Le Conseil supérieur est « chargé de garantir la pérennité de l'Agence France-Presse et de veiller au respect des obligations énoncées à l'article 2 (qui définit les obligations fondamentales de l'Agence et garanti son impartialité) ». Il se réunit au moins chaque semestre sur un ordre du jour établi par son président.

2. Des relations non dénuées d'ambiguïtés avec l'État : le remplacement chaotique du président-directeur général

Le mandat du président de l'AFP, Emmanuel Hoog, est arrivé à expiration en avril 2018. Les dispositions de l'article 10 de la loi du 10 janvier 1957 prévoient que la nouveau président est désigné par le conseil d'administration , par 13 voix au moins sur les 18 membres qui le composent, hors son président, sur la base de la présentation d'un projet stratégique.

La loi n° 2015-433 du 17 avril 2015 portant diverses dispositions tendant à la modernisation du secteur de la presse a rénové la composition du conseil d'administration, composé de 13 personnalités en plus du Président. L'État n'est pas majoritaire , n'étant représenté directement que par trois représentants des services publics usagers nommés par les ministres des affaires étrangères, de la culture et de l'économie, et indirectement par les deux représentants des sociétés audiovisuelles nommées par décret en Conseil d'État. Cette relative discrétion de l'État, si elle peut surprendre, a pour objet de marquer l'indépendance de l'agence .
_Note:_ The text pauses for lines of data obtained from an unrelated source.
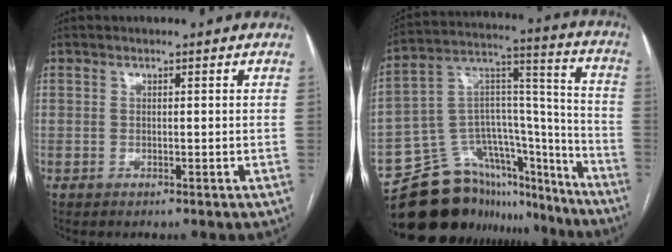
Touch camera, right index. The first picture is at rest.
{"total": 24.6, "force": [-20.7, 10.6, 8.1], "torque": [-0.123, 0.068, -0.312]}
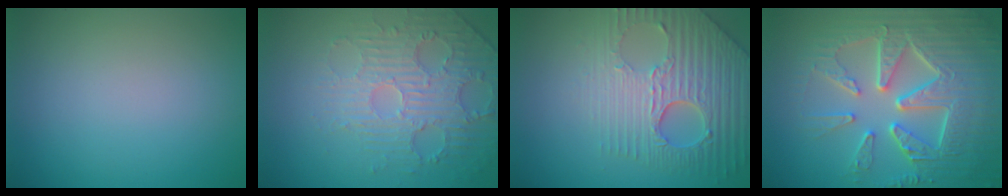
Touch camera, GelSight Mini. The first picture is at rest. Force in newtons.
{"total": 4.9, "press": 3.7, "slide": 3.2}
{"total": 6.2, "press": 5.2, "slide": 3.3}
{"total": 9.2, "press": 6.6, "slide": 6.3}
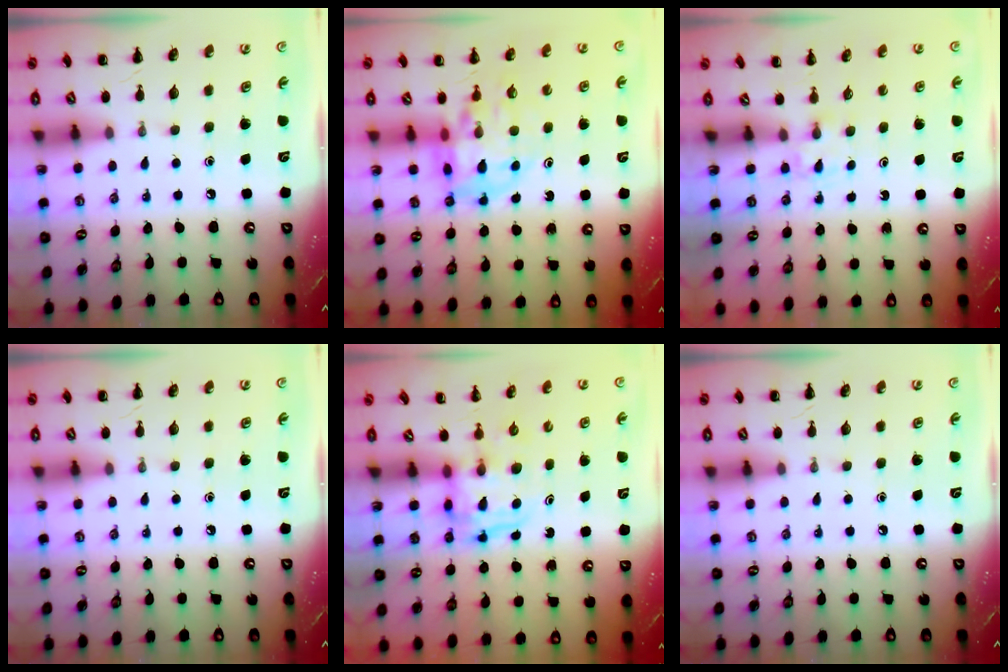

Un comité de sélection, composé de sept administrateurs de l'Agence, a été créé en janvier 2018. Six candidatures ont été analysées, et les candidats auditionnés. Le comité a finalement proposé au conseil d'administration deux noms, Emmanuel Hoog, qui visait un troisième mandat, et Fabrice Fries.

Pour autant, la désignation du nouveau président a bien été marquée par une intervention directe de l'État au-delà de son poids au conseil d'administration . En effet, l'annonce, le 11 avril 2018, jour de la réunion du conseil d'administration, que l'Etat ne soutenait pas le renouvellement du mandat d'Emmanuel Hoog a placé le conseil dans une position difficile, puisqu'elle revenait finalement à imposer au conseil ou de voter pour le seul autre candidat proposé par le comité de sélection, ou bien de relancer une procédure déjà engagée . Un premier vote dans la matinée du 11 avril n'a pas permis de rassembler les 13 voix nécessaires sur le nom de l'autre candidat. Fabrice Fries a cependant été finalement élu le lendemain. Trois membres du conseil d'administration s'en sont émus et ont adressé une lettre ouverte à la ministre le 16 avril. Ils notent ainsi que « Sur le fond, cette décision a bafoué toutes les prérogatives du Conseil et a créé un biais définitif sur les débats qui s'en sont suivis. Elle est venue déstabiliser - nous osons espérer que ce ne fut pas à dessein - l'ensemble du processus de sélection du futur PDG, l'État prenant ainsi un poids bien supérieur à celui de ses trois voix sur les dix-huit que comptent le Conseil ».

Dans son rapport au Parlement rendu public en juillet 2018, le conseil supérieur de l'AFP formule des réserves quant au mode de désignation du président, jugé « complexe et peu transparent », à la fois dans son lancement, avec une absence de publicité autre qu'une annonce sur le site de l'Agence, et dans son déroulé, avec une intervention de l'État qui dépasse le cadre fixé par la loi, qui plus est intervenue très tardivement, ce qui n'a pas contribué à un climat de sérénité au sein de l'AFP.

Votre rapporteur pour avis ne peut que déplorer cette approche brouillonne, alors même que les défis qui attendent l'Agence méritent d'être abordés par une équipe confortée.